Jelas adanya kekacauan dalam tafsirnya.

————————————————

Pendapat para ulama berbeda tentang apa yang dimaksud dengan rezeki. Fakhruddin Ar-Razi
berpendapat, bahwa rezeki adalah bagian. Seorang punya bagiannya sendiri yang bukan

h
menjadi bagiannya orang lain. Ia membantah pendapat bahwa rezeki adalah segala sesuatu
yang dapat dimakan atau digunakan. Karena Allah menyuruh kita untuk menafkahkan rezeki
(Q.S. Al-Baqarah [2]:3), kalau rezeki adalah sesuatu yang bisa dimakan, itu tentu tidak
mungkin dinafkahkan. Dia juga membantah pendapat yang mengatakan bahwa rezeki adalah
sesuatu yang dimiliki. “Ya Allah berilah aku anak yang saleh, isteri yang saleh”. Anak dan
isteri bukan milik. Demikian juga binatang, bagi binatang ada rezeki tetapi mereka tidak
mempunyai milik.

Para ulama dari aliran Ahlu-Sunnah wal jama’ah berpendapat, bahwa rezeki adalah segala
sesuatu yang bermanfaat, baik halal maupun haram, karena kalau ditilik dari segi kebahasaan
kata ar-rizq berarti ‘bagian’. Siapa yang menggunakannya dengan haram maka jadilah
bagiannya haram. Alasan berikutnya adalah firman Allah pada QS. Hud [11]: 6, ‘Wa ma min
dabbatin fil- ardhi illa ‘alallahi rizquha = (dan tidak ada satu binatang melata pun di bumi
melainkan Allahlah yang memberi rezeqinya).

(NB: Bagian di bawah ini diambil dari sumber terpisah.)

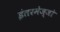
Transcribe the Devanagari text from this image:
इंतरमेज्जो
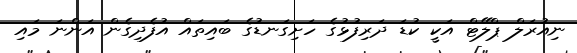
ނިއުރަލް ޕްލޭޓް އަކީ ކުޑަ ދަރިފުޅުގެ ހަށިގަނޑުގެ ބައިތައް އުފެދިގެން އަންނަ މައި
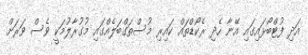
އަދި ފުޓްބޯޅައިގައި އޭނާ ހެދި ރެކޯޑްތައް ކައިރި މުސްތަގްބަލެއްގައި މުގުރާލުމަކީ ވެސް ވަރަށް
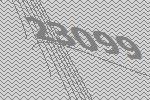
23099
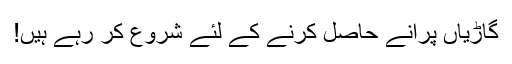
گاڑیاں پرانے حاصل کرنے کے لئے شروع کر رہے ہیں!
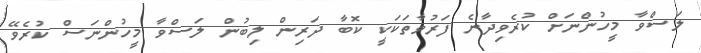
ލަސްވާ މީހުންނަށް ކުރެވިދާނެ ފަރުވާތަކަކީ ކޮބާ ދަރިން ލިބުން ލަސްވާ މީހުންނަސް ކުރެވޭ
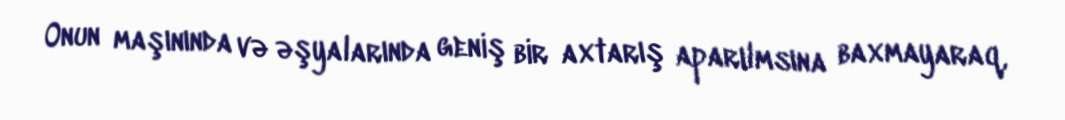
Onun maşınında və əşyalarında geniş bir axtarış aparılmsına baxmayaraq,
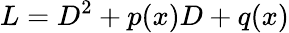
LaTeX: L=D^{2}+p(x)D+q(x)
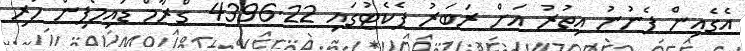
އެގެއިން ފެނުނު އިތުރު އަށް ރަބަރު ޕެކެޓުގައި 4396.22 ގްރާމް ޑައިމޯފިން ހުރި
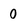
Character: 0
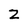
Character: Z
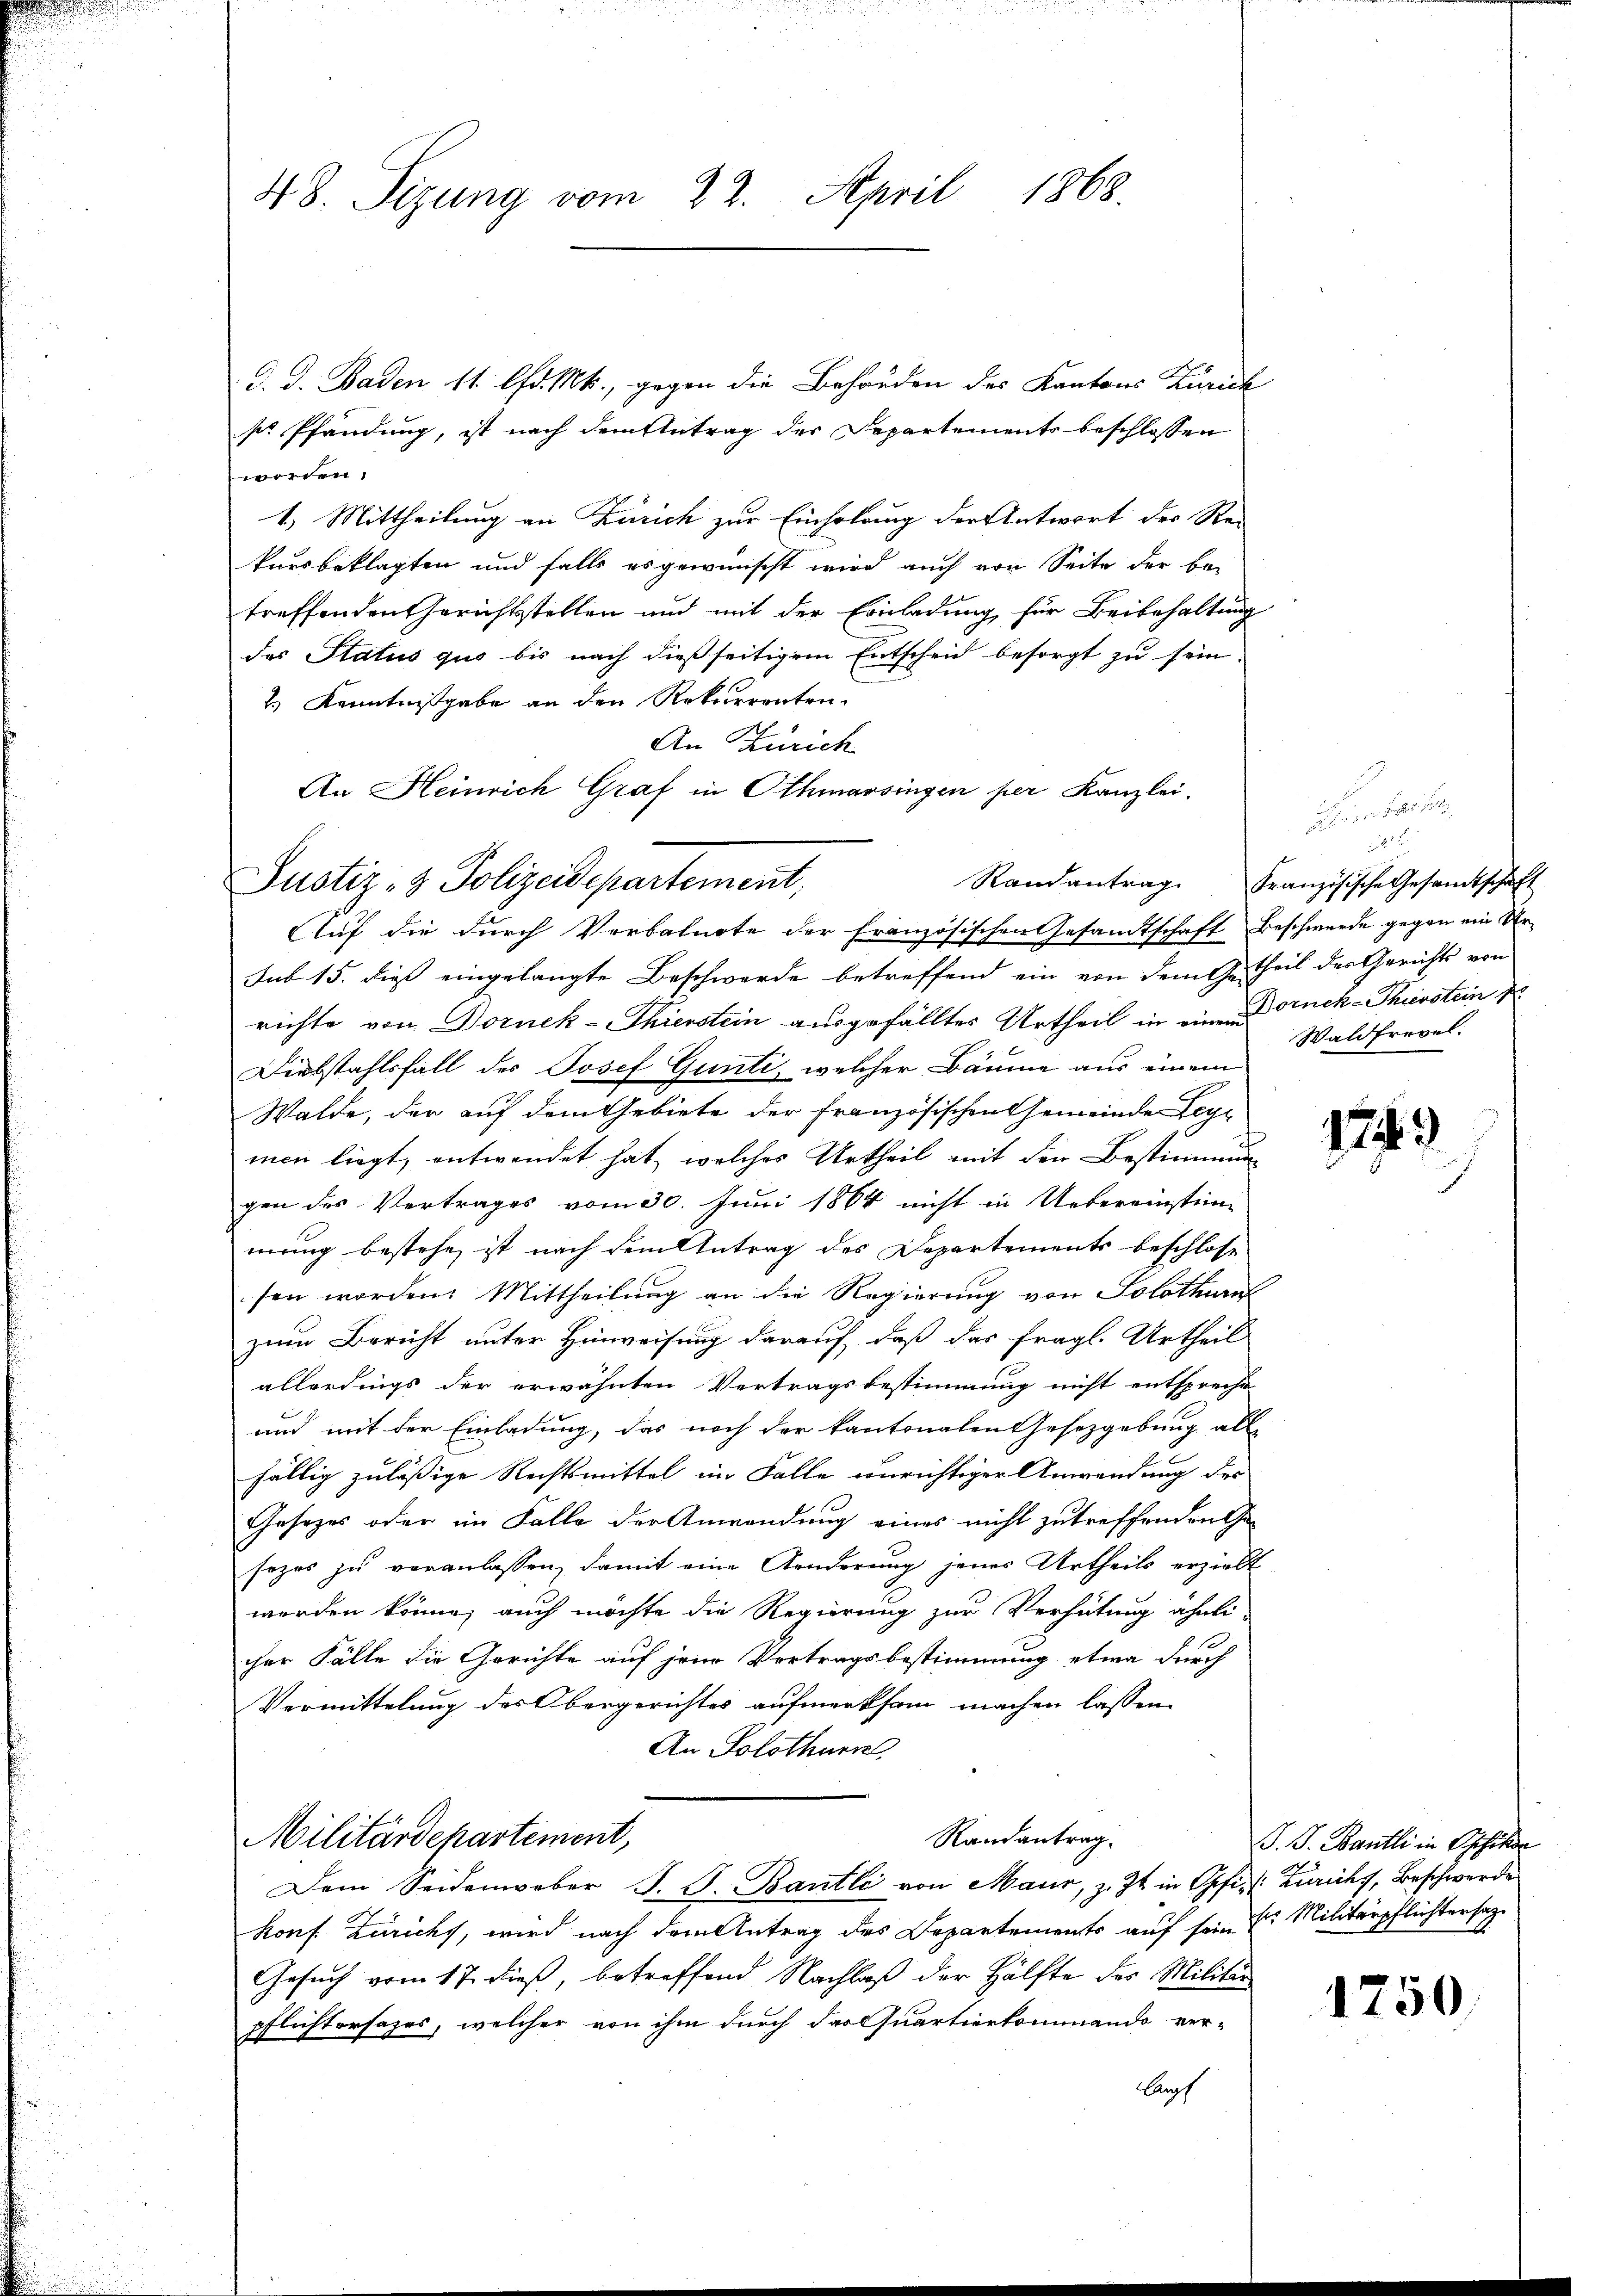
d. d. Baden 11. Chr. Mts., gegen die Behörden des Kantons Zürich
sr Pfändung, ist nach dem Antrag der Departements beschlossen
worden.
1.) Mittheilung an Zürich zur Einholung der Antwort der Stei
kursbeklagten und falls es gewünscht wird auch von Seite der be-
treffenden Gerichtsstellen und mit der Einladung für Beibehaltung
des Status quo bis nach dießseitigem Entscheid besorgt zu sein.
2.) Kenntnisgabe an den Rekurrenten.
An Zürich
An Heinrich Graf in Othmarsingen per Kanzlei,
Auf die durch Verbalnote der Französischen Gesandtschaft Beschwerde gegen ein Versub 15. dieß eingelangte Beschwerde betreffend ein von dem Getheil des Gerichts von
richte von Dornek-Thierstein ausgefälltes Urtheil in einem Druck-Thürstein de
Diebstahlsfall des Josef Günti, welcher Bäume aus einem
Walde, der auf dem Gebiete der Französischen Gemeinde Seymen liegt, entwendet hat, welches Urtheil mit den Bestimmung
gen des Vertrages vom 30. Juni 1864 nicht in Uebereinstimmung bestehe, ist nach dem Antrag des Departements beschlosse
sen worden. Mittheilung an die Regierung von Solothurnf
zum Bericht unter Hinweisung darauf, daß das fragl. Urtheil
allerdings der erwähnten Vertragsbestimmung nicht entspreche
und mit der Einladung, das noch der kantonalen Gesetzgebung all
2
fällig zulässige Rechtsmittel im Falle zurichtiger Anwendung des
Gesetzes oder im Falle der Anwendung eines nicht zutreffenden Ge-
sezes zu veranlassen, damit eine Aenderung jenes Urtheils erzielt
werden könne; auch möchte die Regierung zur Verhütung ähnli-
cher Fälle die Gerichte auf jene Vortragsbestimmung etwa durch
Vermittelung des Obergerichtes aufmerksam machen lassen.
An Solothurn,
Randantrag.
Militärdepartement,
Dem Seidenweber J. J. Bantle von Maur, z. Zt. in Opfi- (Zürichs, Beschwerde
konf. Züricht, wird nach dem Antrag des Departements auf sein E. Militärpflichtersatz
Gesuch vom 17. dieß, betreffend Nachlaß der Hälfte des Militär
pflichtersages, welcher von ihm durch das Quartierkommando ver-
Kupf

48. Sizung vom 22. April 1868.

Justiz- & Polizeidepartement,

Randantrag Französische Gesandtschaft
Waldfrevel:

1743

P. J. Bantli in Schilde

1750

Sebaliknya aliran Mu’tazilah mengatakan, bahwa yang haram tidak disebut rezeqi, karena
kepemilikannya tidak sah. Allah tidak memberi rezeqi yang haram. Yang diberikan Allah
hanya rezeqi yang halal. Mereka mengemukakan argumentasi berdasarkan firman Allah di
dalam QS. Al-Baqarah [2]: 3, Wa mimma razaqnahum yunfiqun (dan menafkahkan sebagian
rezeqi yang telah Kami anugerahkan kepada mereka). Secara implisit ayat ini memberikan
pujian bagi yang menafkahkan rezeqi yang diberikan Allah. Kalau sekiranya yang haram
disebut juga rezeki, konsekwensinya menafkahkan yang haram juga berhak mendapat pujian.
Yang demikian itu tidak benar sama sekali. Alasan kedua, kalau yang haram disebut juga
rezeqi, boleh-boleh saja seseorang merampas dan kemudian menafkahkan rampasan itu.
Akan tetapi, hal itu tentulah ditolak. Ini menunjukkan bahwa yang haram bukanlah rezeki.
Alasan ketiga berupa firman Allah swt., (Qul ara’aitum ma anzalallahu lakum min rizqin
faja’altum minhu haraman wa halalan qul allahu adzina lakum am ‘alallahu taftarun).
Katakanla, ‘Terangkanlah kepadaku tentang rezekiyang diturunkan kepadamu, lalu kamu
jadikan sebagiannya haram dan (sebagiannya) halal”. Katakanlah, “Apakah Allah telah
memberikan izin kepadamu (tentang ini)atau kamu mengada-adakan saja terhadap Allah?”).